Reproduce every line in the material below that holds "བཏགས".

* [Task data]
-.-.-

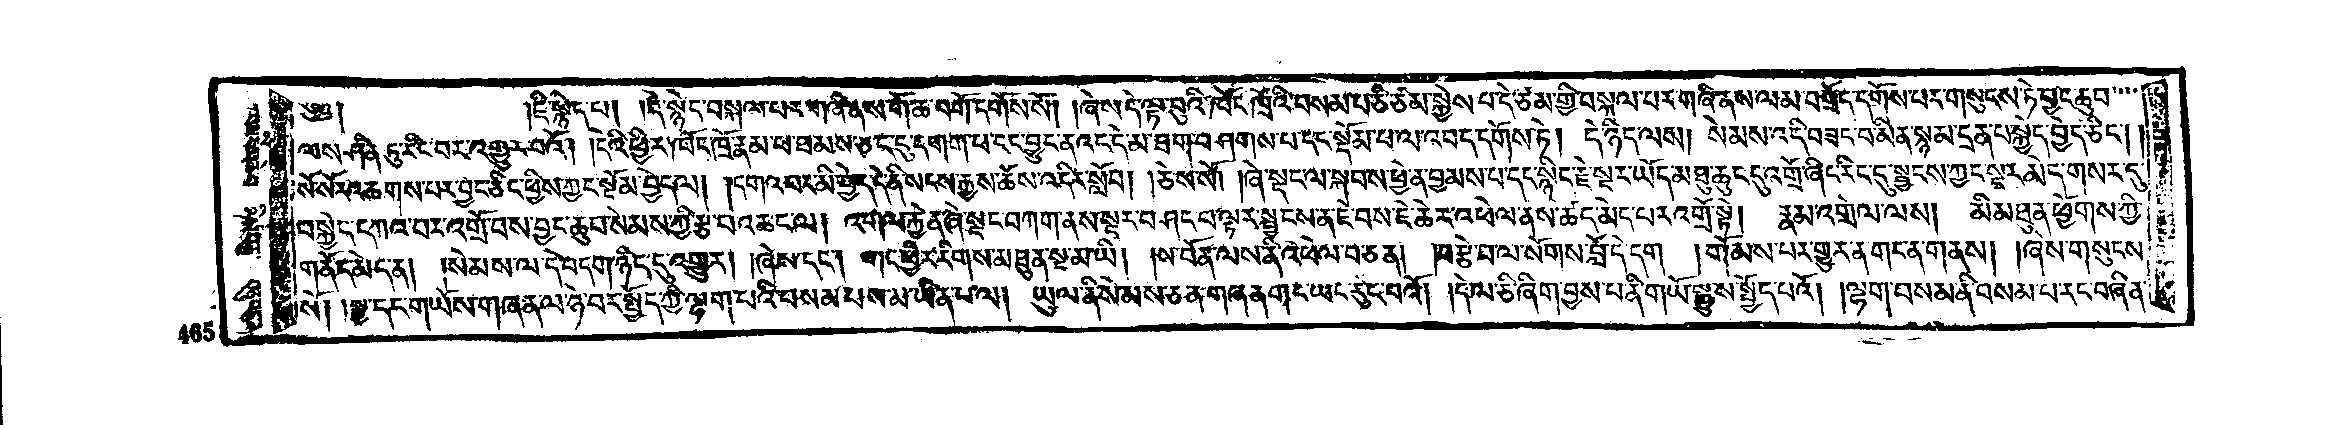༄༅། །ཇི་སྙེད་པ། །དེ་སྙེད་བསྐལ་པར་གཞི་ནས་གོ་ཆ་བགོ་དགོས་སོ། །ཞེས་དེ་ལྟ་བུའི་ཁོང་ཁྲོའི་བསམ་པ་ཅི་ཙམ་སྐྱེས་པ་དེ་ཙམ་གྱི་བསྐལ་པར་གཞི་ནས་ལམ་བགྲོད་དགོས་པར་གསུངས་ཏེ་བྱང་ཆུབ་
ལས་ཤིན་ཏུ་རིང་བར་འགྱུར་བའོ། །དེའི་ཕྱིར་ཁོང་ཁྲོ་རྣམ་པ་ཐམས་ཅད་དུ་དགག་པ་དང་བྱུང་ནའང་དེ་མ་ཐག་བཤགས་པ་དང་སྡོམ་པ་ལ་འབད་དགོས་ཏེ། དེ་ཉིད་ལས། སེམས་འདི་བཟང་བ་མིན་སྙམ་དྲན་པ་སྐྱེད་བྱེད་ཅིང་། །
སོ་སོར་འཆགས་པར་བྱེད་ཅིང་ཕྱིས་ཀྱང་སྡོམ་བྱེད་ལ། །དགའ་བར་མི་བྱེད་དེ་ནི་སངས་རྒྱས་ཆོས་འདིར་སློབ། །ཅེས་སོ། །ཞེ་སྡང་ལ་སྐབས་ཕྱེ་ན་བྱམས་པ་དང་སྙིང་རྗེ་སྡར་ཡོད་མཐུ་ཆུང་དུ་འགྲོ་ཞིང་རིང་དུ་སྦྱངས་ཀྱང་སྔར་མེད་གསར་དུ་
བསྐྱེད་དཀའ་བར་འགྲོ་བས་བྱང་ཆུབ་སེམས་ཀྱི་རྩ་བ་འཆད་ལ། འགལ་རྐྱེན་ཞེ་སྡང་བཀག་ནས་སྔར་བཤད་པ་ལྟར་སྦྱངས་ན་ཇེ་བས་ཇེ་ཆེར་འཕེལ་ནས་ཚད་མེད་པར་འགྲོ་སྟེ། རྣམ་འགྲེལ་ལས། མི་མཐུན་ཕྱོགས་ཀྱི་
གནོད་མེད་ན། །སེམས་ལ་དེ་བདག་ཉིད་དུ་འགྱུར། །ཞེས་དང་། གང་ཕྱིར་རིགས་མཐུན་སྔ་མ་ཡི། །ས་བོན་ལས་ནི་འཕེལ་བ་ཅན། །བརྩེ་བ་ལ་སོགས་བློ་དེ་དག །གོམས་པར་གྱུར་ན་གང་ན་གནས། །ཞེས་གསུངས་
སོ༑ ༑སྒྱུ་དང་གཡོས་གཞན་ལ་ཉེ་བར་སྤྱོད་ཀྱི་ལྷག་པའི་བསམ་པས་མ་ཡིན་པ་ལ། ཡུལ་ནི་སེམས་ཅན་གཞན་གང་ཡང་རུང་བའོ། །དེ་ལ་ཅི་ཞིག་བྱས་པ་ནི་གཡོ་སྒྱུས་སྤྱོད་པའོ། །ལྷག་བསམ་ནི་བསམ་པ་རང་བཞིན་
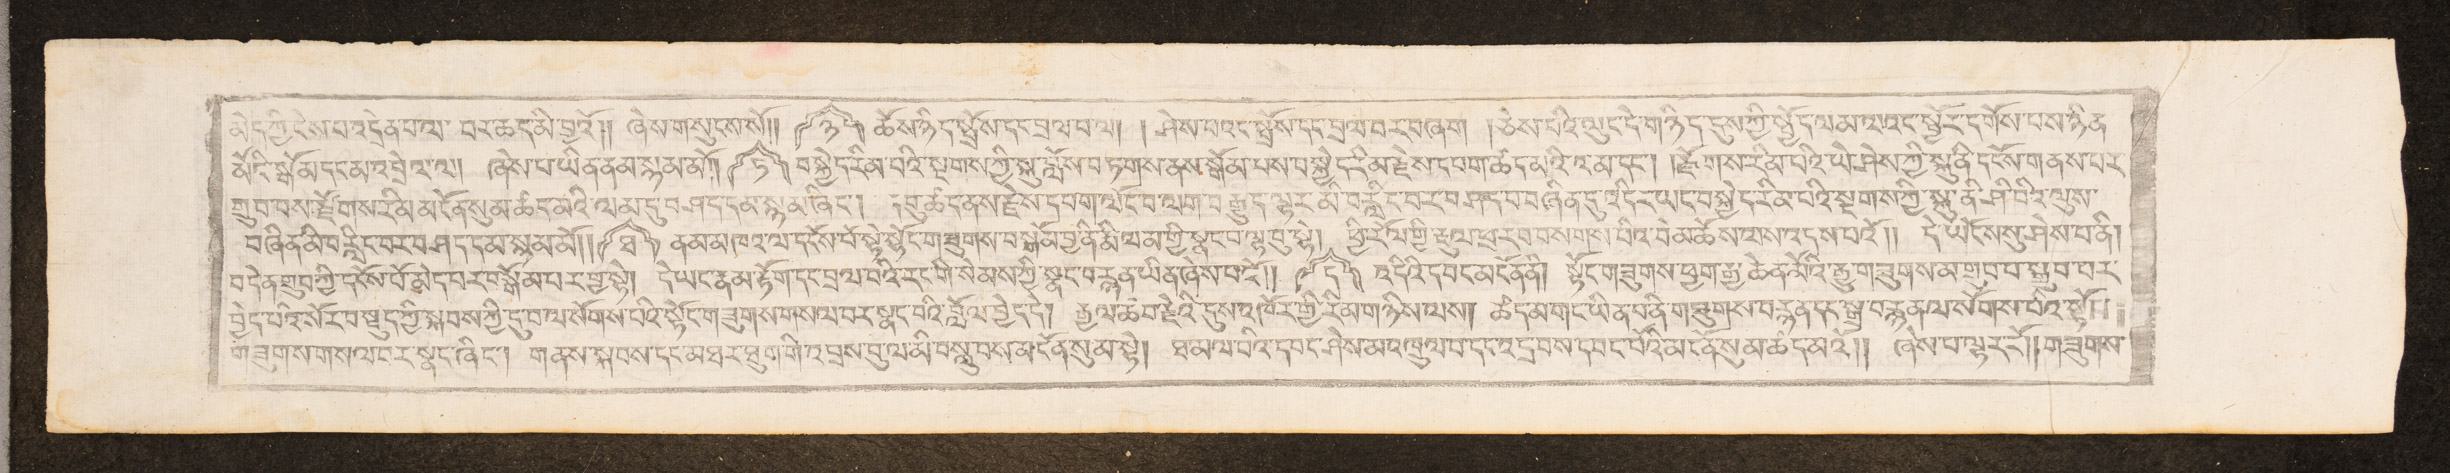མེད་ཀྱི་ངེས་པ་འདྲེན་པ་ལ་བར་ཆད་མི་བྱའོ།། ཞེས་གསུངས་སོ།། ༼༽ཉ༼༽ ཆོས་ཉིད་སྤྲོས་དང་བྲལ་བ་ལ། །ཤེས་པའང་སྤྲོས་དང་བྲལ་བར་བཞག །ཅེས་པའི་ལུང་དེ་གཉིད་དུས་ཀྱི་སྦྱོད་ལམ་ལའང་སྦྱོར་དགོས་པས་ཉིན་
མོའི་སྒོམ་དང་མ་འབྲེལ་ལ། ཞེས་པ་ཡིན་ནམ་སྙམ་མོ།། ༼༽ཏ༼༽ བསྐྱེད་རིམ་པའི་སྔགས་ཀྱི་སྐུ་བློས་བཏགས་ནས་སྒོམ་པས་བསྐྱེད་རིམ་རྗེས་དཔག་ཚད་མའི་ལམ་དང་། །རྫོགས་རིམ་པའི་ཡེ་ཤེས་ཀྱི་སྐུ་ནི་དངོས་གནས་པར་
གྲུབ་པས་རྫོགས་རིམ་མངོན་སུམ་ཚད་མའི་ལམ་དུ་བཤད་དམ་སྙམ་ཞིང་། དབུ་ཚད་ནས་རྗེས་དཔག་ལོང་བ་ལག་བརྒྱུད་ལྟར་མི་བརླིང་བར་བཤད་པ་བཞིན་དུ་འདིར་ཡང་བསྐྱེད་རིམ་པའི་སྔགས་ཀྱི་སྐུ་ནི་ཤི་བའི་ལུས་
བཞིན་མི་བརླིང་བར་བཤད་དམ་སྙམ་མོ།། ༼༽ཐ༼༽ ནམ་མཁའ་ལ་དངོས་པོ་སྟེ་སྟོང་གཟུགས་བསྒོམ་བྱ་ནི་རྨི་ལམ་གྱི་སྣང་བ་ལྟ་བུ་སྟེ། ཕྱི་རོལ་གྱི་རྔུལ་ཕྲ་རབ་བསགས་པའི་བེམ་ཆོས་ལས་འདས་པའོ།། དེ་ཡོངས་སུ་ཤེས་པ་ནི།
བདེན་གྲུབ་ཀྱི་དངོས་པོ་མེད་པར་བསྒོམ་པར་བྱ་སྟེ། དེ་ཡང་རྣམ་རྟོག་དང་བྲལ་བའི་རང་གི་སེམས་ཀྱི་སྣང་བརྙན་ཡིན་ཞེས་པའོ།། ༼༽ད༼༽ འདིའི་དབང་མངོན་ནི། སྟོང་གཟུགས་བྱ་བ་རྒྱ་ཆེན་མོའི་རྒྱུ་གཟུགས་མ་གྲུབ་པ་སྒྲུབ་པར་
བྱེད་པའི་སོར་བསྡུད་ཀྱི་སྐབས་ཀྱི་དུ་བ་ལ་སོགས་པའི་སྟོང་གཟུགས་གསལ་བར་སྣང་བའི་བློ་ལ་བྱེད་དེ། རྒྱལ་ཚབ་རྗེའི་དུས་འཁོར་གྱི་རིམ་གཉིས་ལས། ཚད་མ་གང་ཡིན་པ་ནི་གཟུགས་བརྙན་དང་སྒྲ་བརྙན་ལ་སོགས་པའི་སྟོང་
གཟུགས་གསལ་བར་སྣང་ཞིང་། གནས་སྐབས་དང་མཐར་ཐུག་གི་འབྲས་བུ་ལ་མི་བསླུ་བས་མངོན་སུམ་སྟེ། ཐ་མལ་བའི་དབང་ཤེས་མ་འཁྲུལ་བ་དང་འདྲ་བས་དབང་པོའི་མངོན་སུམ་ཚད་མའོ།། ཞེས་པ་ལྟར་རོ།། གཟུགས་
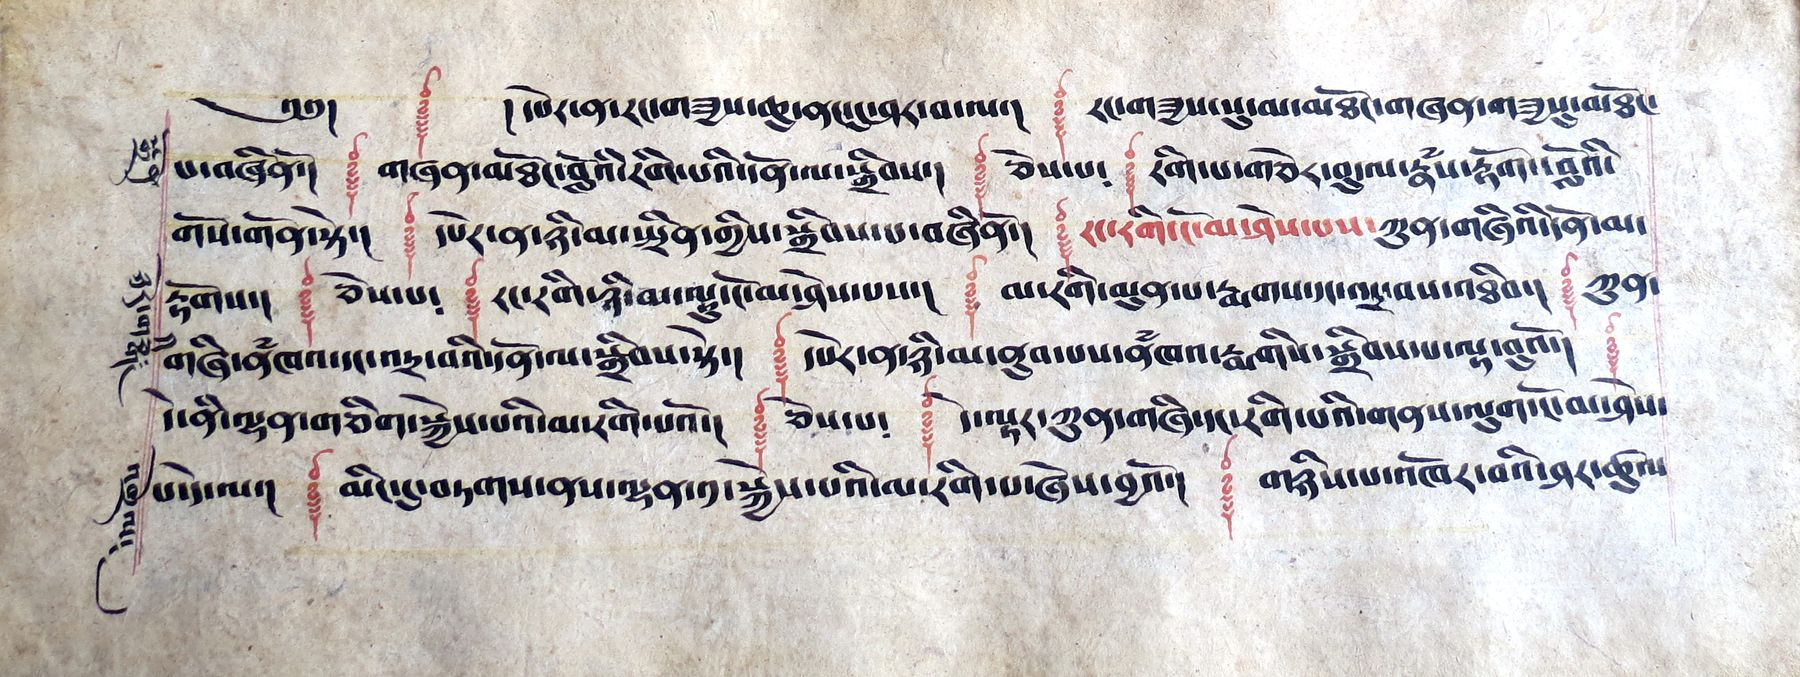དཔེར་ན་རང་གཟུགས་ཆུ་ནང་དུ་ཤར་བ་ལ། རང་གཟུགས་སུ་མ་མཐོང་གཞན་གཟུགས་སུ་མཐོང་
བ་བཞིན་ནོ། །གཞན་མཐོང་བློ་ཡི་རིག་པའི་དོན་ལ་སྒྲིབ་ཅེས་པས། རིག་པ་གཅེར་བུ་ལ་རྣམ་རྟོག་བློ་ཡིས་
གོས་གྱོན་ཏེ། དཔེར་ན་ཉི་མ་སྤྲིན་གྱིས་སྒྲིབ་པ་བཞིན་ནོ། །རང་རིག་ངོ་མ་ཤེས་པས་ཀུན་གཞིའི་དོན་མ་
རྟོགས། །ཞེས་པས། རང་རིག་ཉི་མ་ལྟ་བུ་ངོ་མ་ཤེས་པས། མ་རིག་མུན་པ་སྨག་དང་འདྲ་བ་འཐིབས། ཀུན་
གཞི་ནམ་མཁའ་དང་འདྲ་བའི་དོན་ལ་སྒྲིབ་སྟེ། དཔེར་ན་ཉི་མ་ནུབ་པས་ནམ་མཁའ་སྨག་གིས་སྒྲིབ་པ་ལྟ་བུའོ། །
དེ་ལྷན་ཅིག་སྐྱེས་པའི་མ་རིག་པའོ། །ཞེས་པས་དེ་ལྟར་ཀུན་གཞི་དང་རིག་པའི་གནས་ལུགས་ངོ་མ་ཤེས་
པ་དེ་ལ། མིང་དུ་བཏགས་ན་ལྷན་ཅིག་སྐྱེས་པའི་མ་རིག་པ་ཞེས་བྱའོ། །གཉིས་པ་འཁོར་བའི་ཤར་ཚུལ་

-.-.-

* [Answer below]
མོའི་སྒོམ་དང་མ་འབྲེལ་ལ། ཞེས་པ་ཡིན་ནམ་སྙམ་མོ།། ༼༽ཏ༼༽ བསྐྱེད་རིམ་པའི་སྔགས་ཀྱི་སྐུ་བློས་བཏགས་ནས་སྒོམ་པས་བསྐྱེད་རིམ་རྗེས་དཔག་ཚད་མའི་ལམ་དང་། །རྫོགས་རིམ་པའི་ཡེ་ཤེས་ཀྱི་སྐུ་ནི་དངོས་གནས་པར་
པ་དེ་ལ། མིང་དུ་བཏགས་ན་ལྷན་ཅིག་སྐྱེས་པའི་མ་རིག་པ་ཞེས་བྱའོ། །གཉིས་པ་འཁོར་བའི་ཤར་ཚུལ་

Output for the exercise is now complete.